-
Notifications
You must be signed in to change notification settings - Fork 176
Readiness probe missing SSL flags when TLS is required (v1.22.0) #2294
Description
Bug Report
Description
In operator v1.22.0, the MongodReadinessCheck was changed from a simple TCP dial to a full MongoDB client connection with RSStatus check (readiness.go diff). However, the default readiness probe command in psmdb_defaults.go was not updated to include SSL flags, unlike the liveness probe which already has them.

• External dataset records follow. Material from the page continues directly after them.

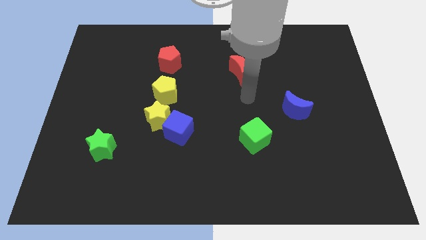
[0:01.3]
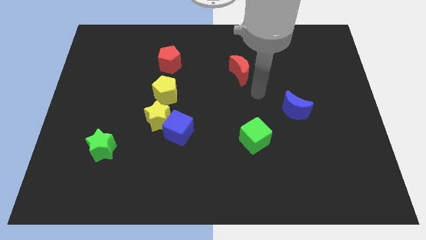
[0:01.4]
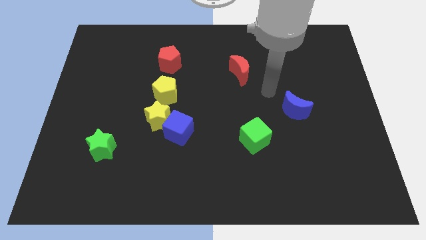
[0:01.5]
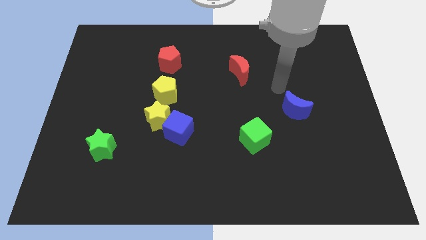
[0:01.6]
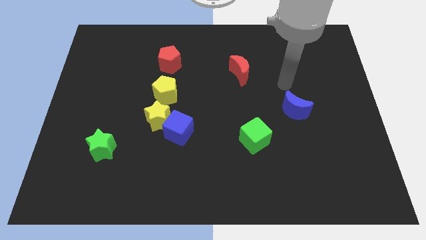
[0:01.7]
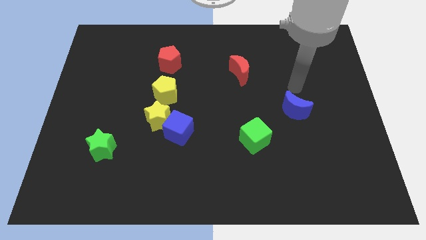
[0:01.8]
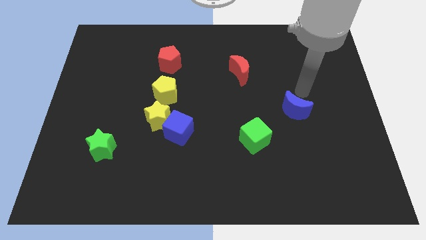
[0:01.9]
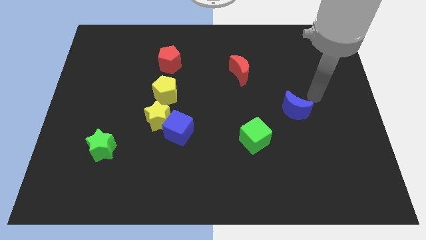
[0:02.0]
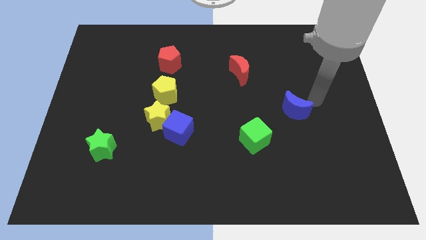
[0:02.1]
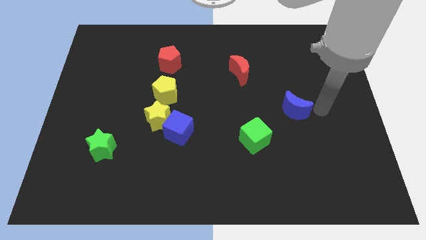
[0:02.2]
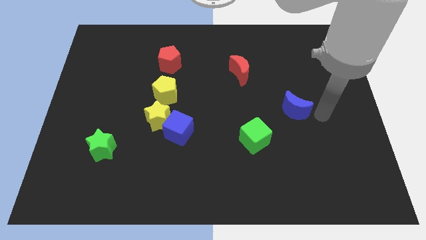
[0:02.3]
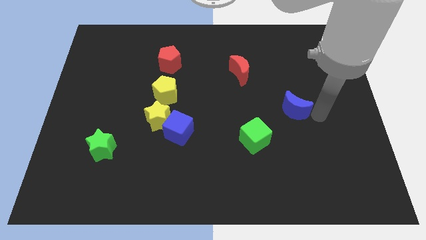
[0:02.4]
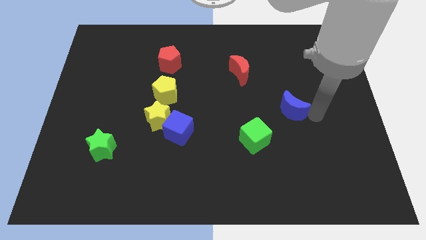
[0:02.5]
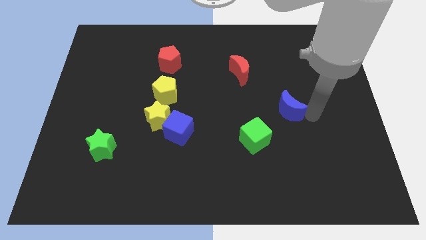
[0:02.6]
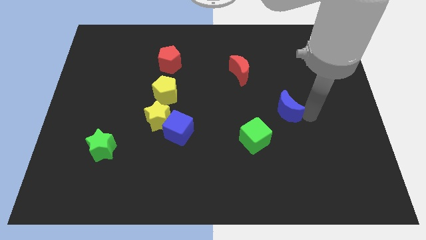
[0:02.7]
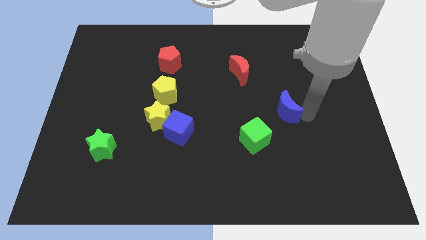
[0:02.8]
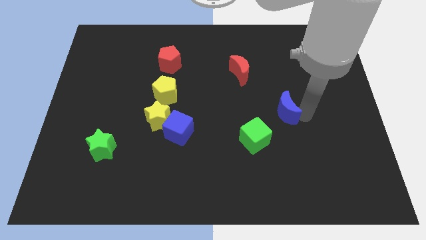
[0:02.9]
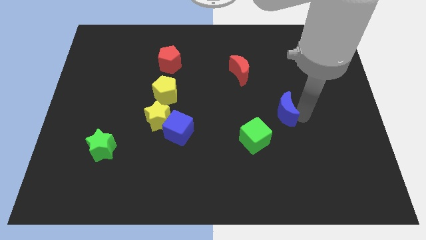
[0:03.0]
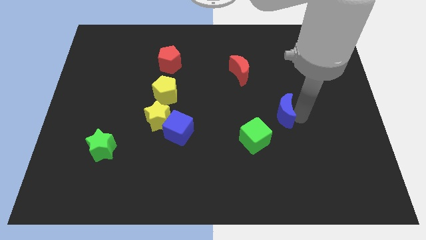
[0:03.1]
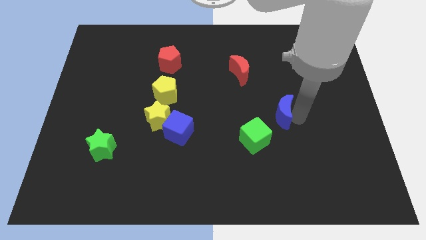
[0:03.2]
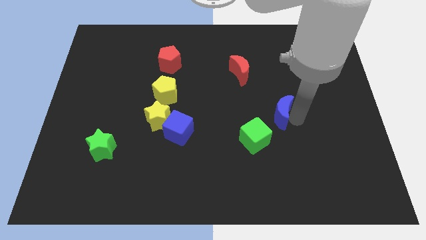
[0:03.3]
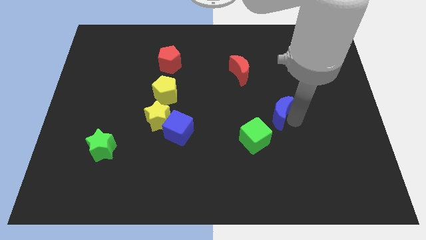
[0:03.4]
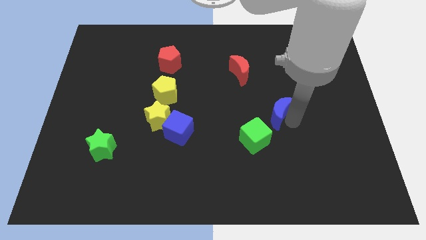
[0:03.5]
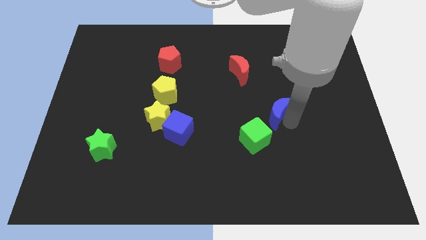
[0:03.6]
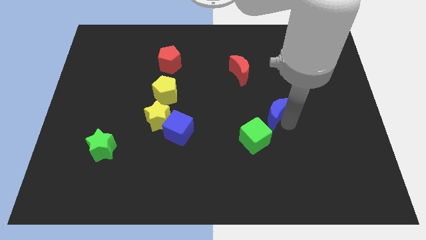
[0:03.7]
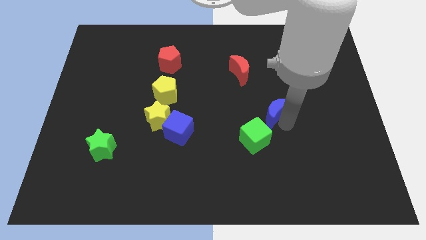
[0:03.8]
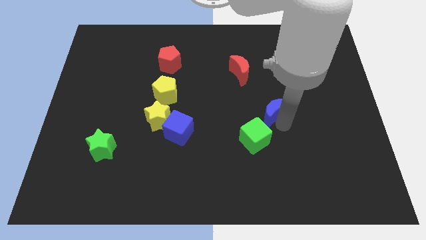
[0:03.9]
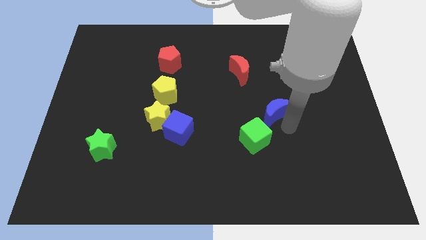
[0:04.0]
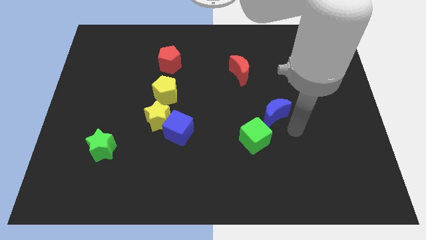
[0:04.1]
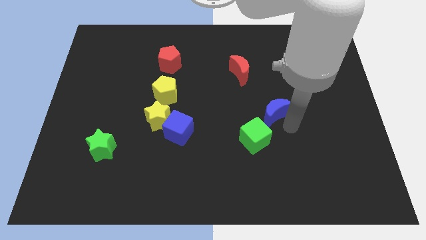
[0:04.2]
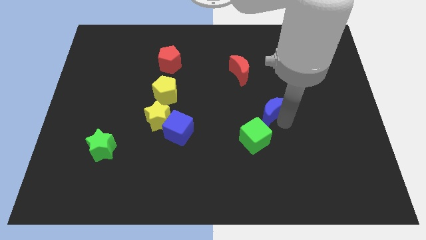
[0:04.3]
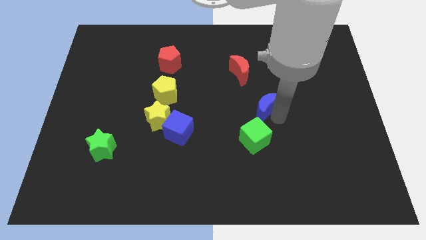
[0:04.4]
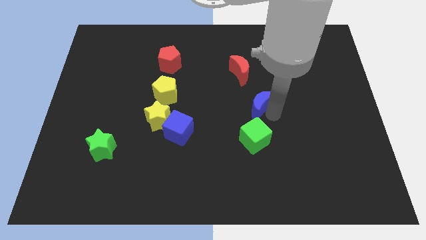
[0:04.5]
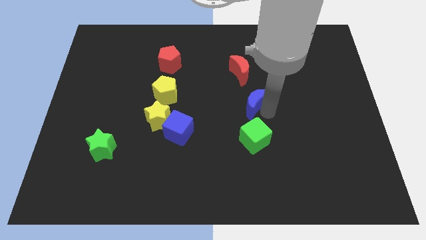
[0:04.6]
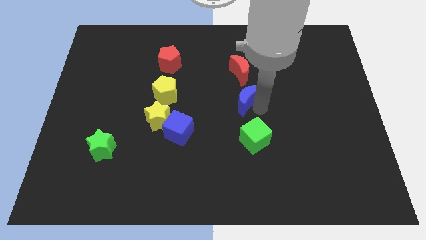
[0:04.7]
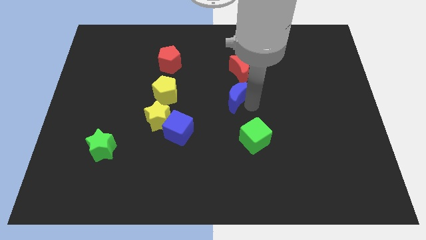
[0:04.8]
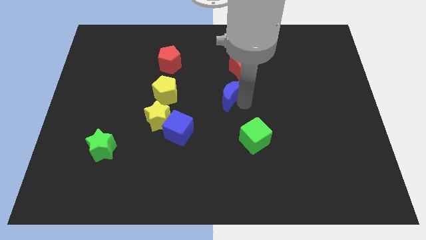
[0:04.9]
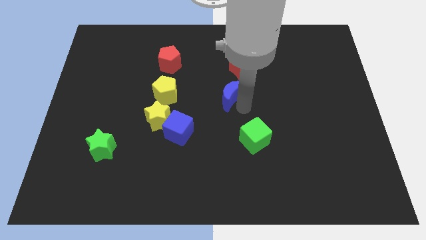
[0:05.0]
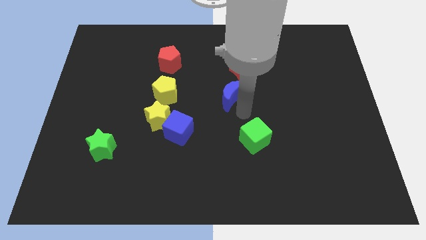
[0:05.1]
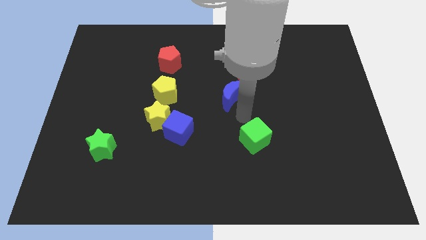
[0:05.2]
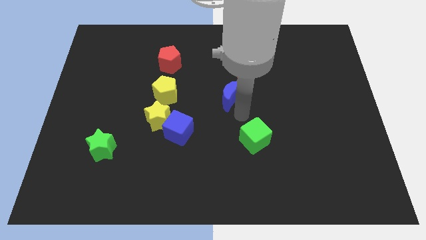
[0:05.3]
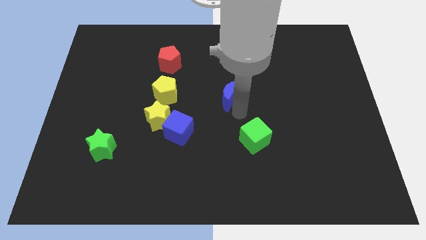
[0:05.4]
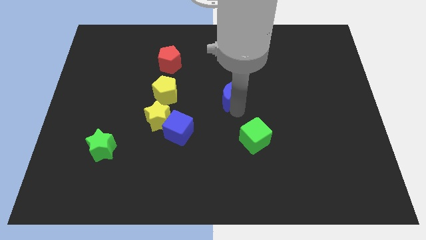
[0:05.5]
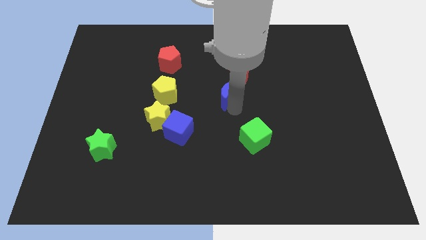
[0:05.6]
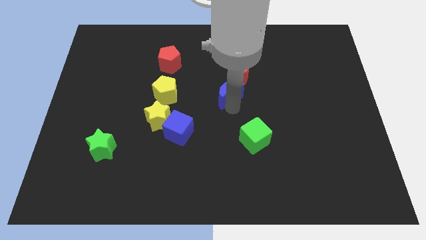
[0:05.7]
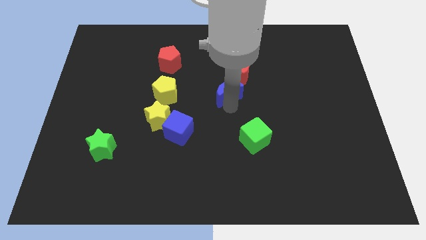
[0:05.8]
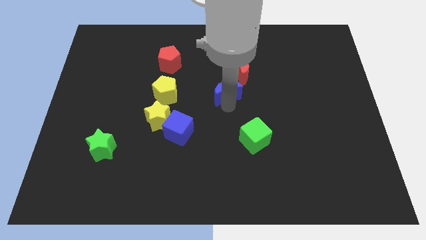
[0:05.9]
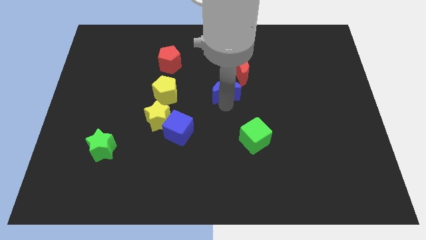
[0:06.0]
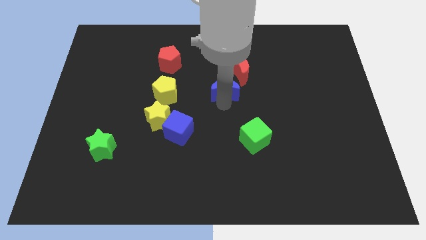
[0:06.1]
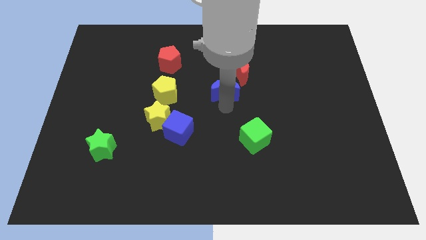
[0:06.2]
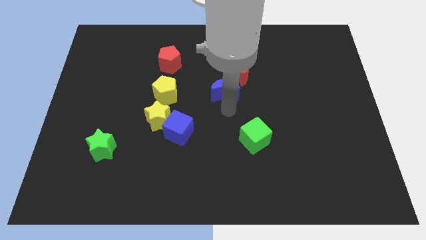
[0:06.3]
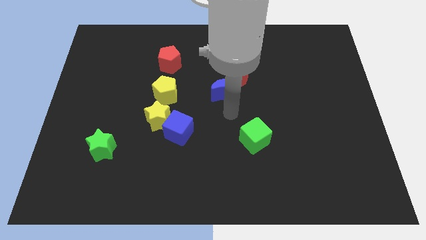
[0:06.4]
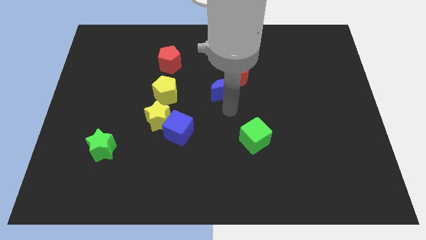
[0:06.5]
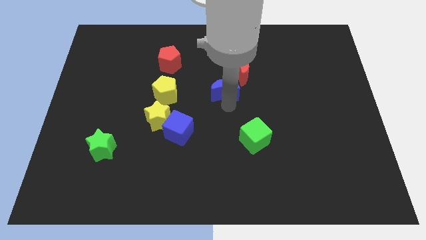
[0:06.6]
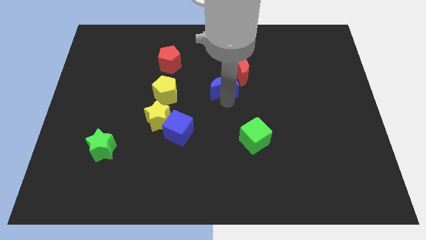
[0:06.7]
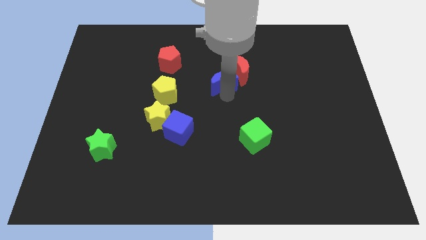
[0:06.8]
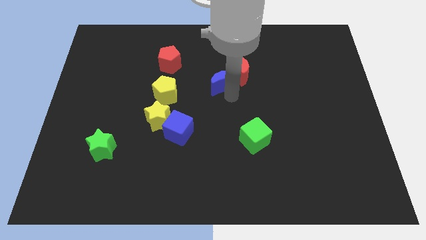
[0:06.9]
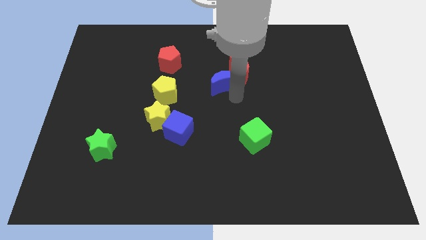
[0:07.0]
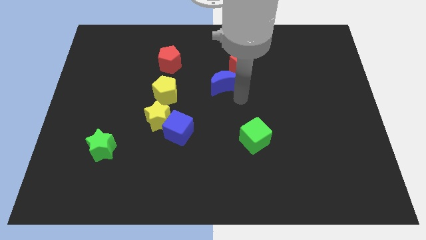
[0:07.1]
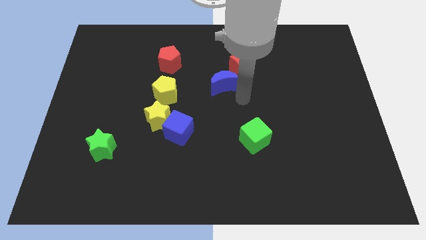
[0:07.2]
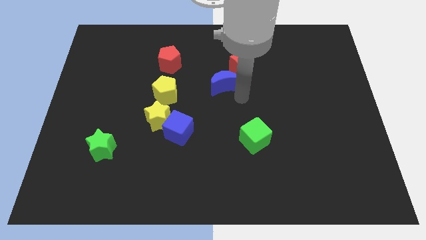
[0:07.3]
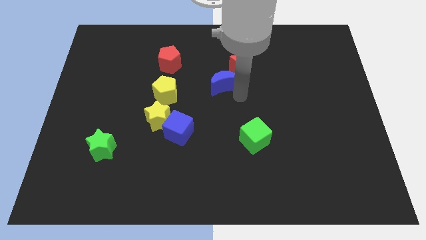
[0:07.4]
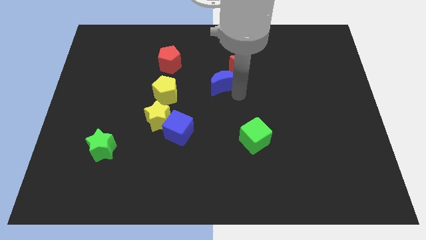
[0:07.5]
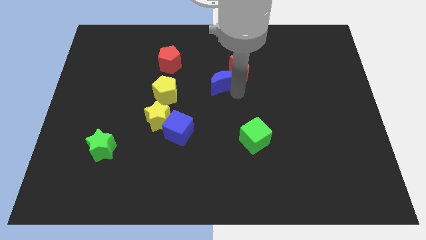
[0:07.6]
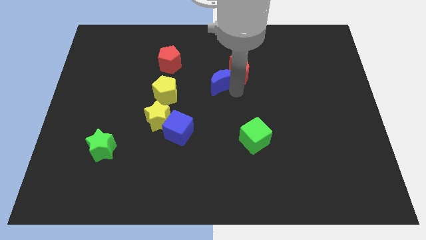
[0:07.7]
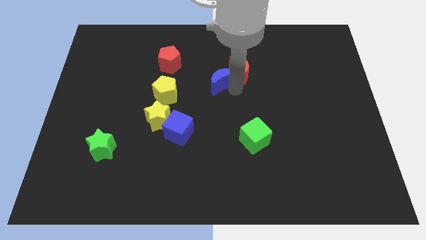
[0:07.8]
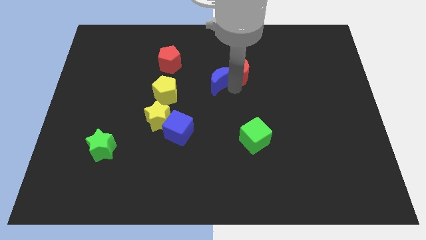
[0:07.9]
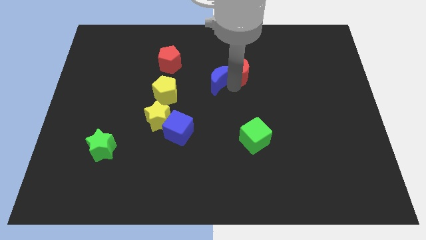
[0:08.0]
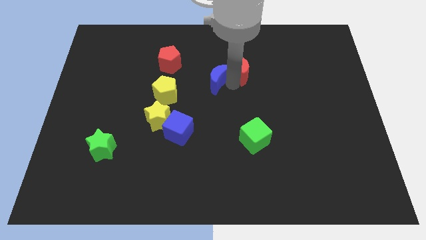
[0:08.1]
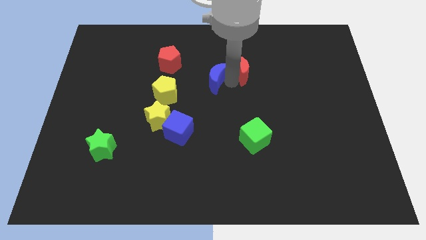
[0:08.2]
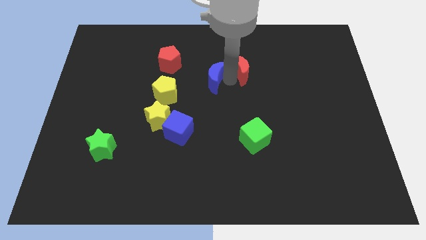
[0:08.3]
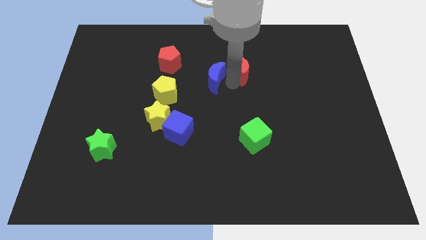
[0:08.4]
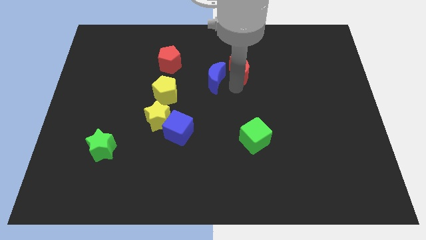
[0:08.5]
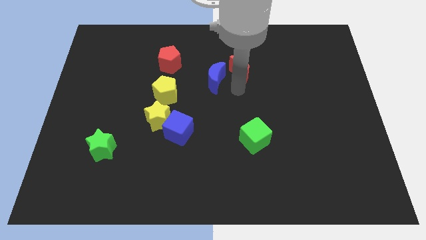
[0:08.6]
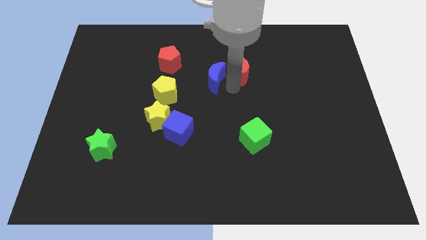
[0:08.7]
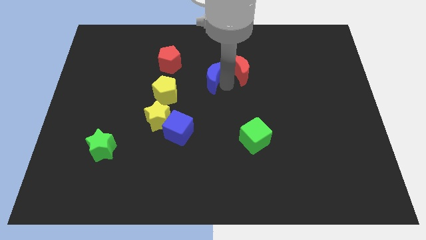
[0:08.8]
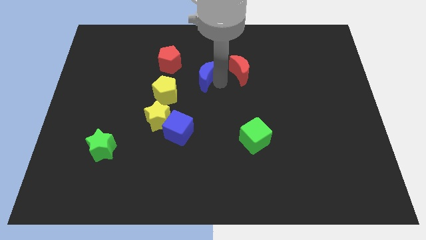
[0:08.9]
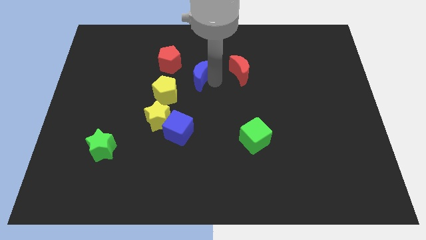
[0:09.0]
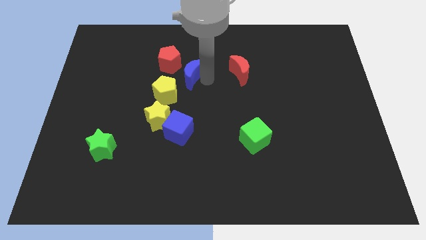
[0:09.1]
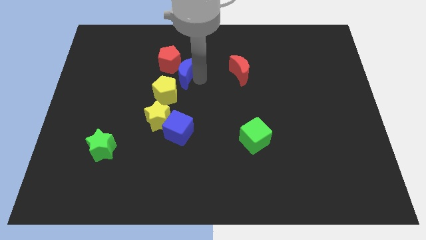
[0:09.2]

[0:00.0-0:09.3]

This causes the readiness probe to fail when tls.mode: requireTLS is set, because the healthcheck binary tries to connect without TLS to a server that only accepts TLS connections.
Steps to Reproduce
- Deploy a PSMDB cluster with
tls.mode: requireTLSandcrVersion: 1.22.0 - Wait for or trigger a pod restart / rolling update
- Observe the new pod stays in
1/2 Readystate indefinitely
Expected Behavior
The readiness probe should include --ssl --sslInsecure --sslCAFile --sslPEMKeyFile flags when TLS is enabled, similar to how the liveness probe is configured.
Actual Behavior
The readiness probe command is:
/opt/percona/mongodb-healthcheck k8s readiness --component mongod
Missing the SSL flags. The liveness probe correctly has them:
/opt/percona/mongodb-healthcheck k8s liveness --ssl --sslInsecure --sslCAFile /etc/mongodb-ssl/ca.crt --sslPEMKeyFile /tmp/tls.pem --startupDelaySeconds 7200
MongoDB logs show a flood of SSLHandshakeFailed errors from 127.0.0.1 (the readiness probe):
"msg":"Error receiving request from client. Ending connection from remote",
"attr":{"error":{"code":141,"codeName":"SSLHandshakeFailed","errmsg":"The server is configured to only allow SSL connections"}}
The readiness probe times out after 2s and the pod never becomes ready.
Impact
This creates a deadlock during rolling updates:
- Pod N is updated with the new StatefulSet template (missing SSL flags on readiness probe)
- Pod N never becomes ready
- The operator's SmartUpdate waits for all pods to be ready before continuing
- The cluster is stuck in
initializingstate
Root Cause
In v1.21.2, MongodReadinessCheck only performed a raw TCP dial, so TLS was irrelevant. In v1.22.0, it was changed to use db.Dial() + RSStatus, which requires TLS when the server mandates it. But the probe command in psmdb_defaults.go was not updated to pass SSL flags for the readiness probe.
Suggested Fix
In pkg/apis/psmdb/v1/psmdb_defaults.go, add SSL flags to the readiness probe when TLS is enabled, similar to how the liveness probe handles it:
if replset.ReadinessProbe.TCPSocket == nil && replset.ReadinessProbe.Exec == nil {
replset.ReadinessProbe.Exec = &corev1.ExecAction{
Command: []string{
"/opt/percona/mongodb-healthcheck",
"k8s", "readiness",
"--component", "mongod",
},
}
// Add SSL flags when TLS is enabled
if cr.TLSEnabled() {
replset.ReadinessProbe.Exec.Command = append(replset.ReadinessProbe.Exec.Command,
"--ssl", "--sslInsecure",
"--sslCAFile", "/etc/mongodb-ssl/ca.crt",
"--sslPEMKeyFile", "/tmp/tls.pem")
}
}Environment
- Operator version: 1.22.0
- MongoDB version: 8.0.19-7
- Kubernetes: Talos Linux
- PSMDB CR:
tls.mode: requireTLS,crVersion: 1.22.0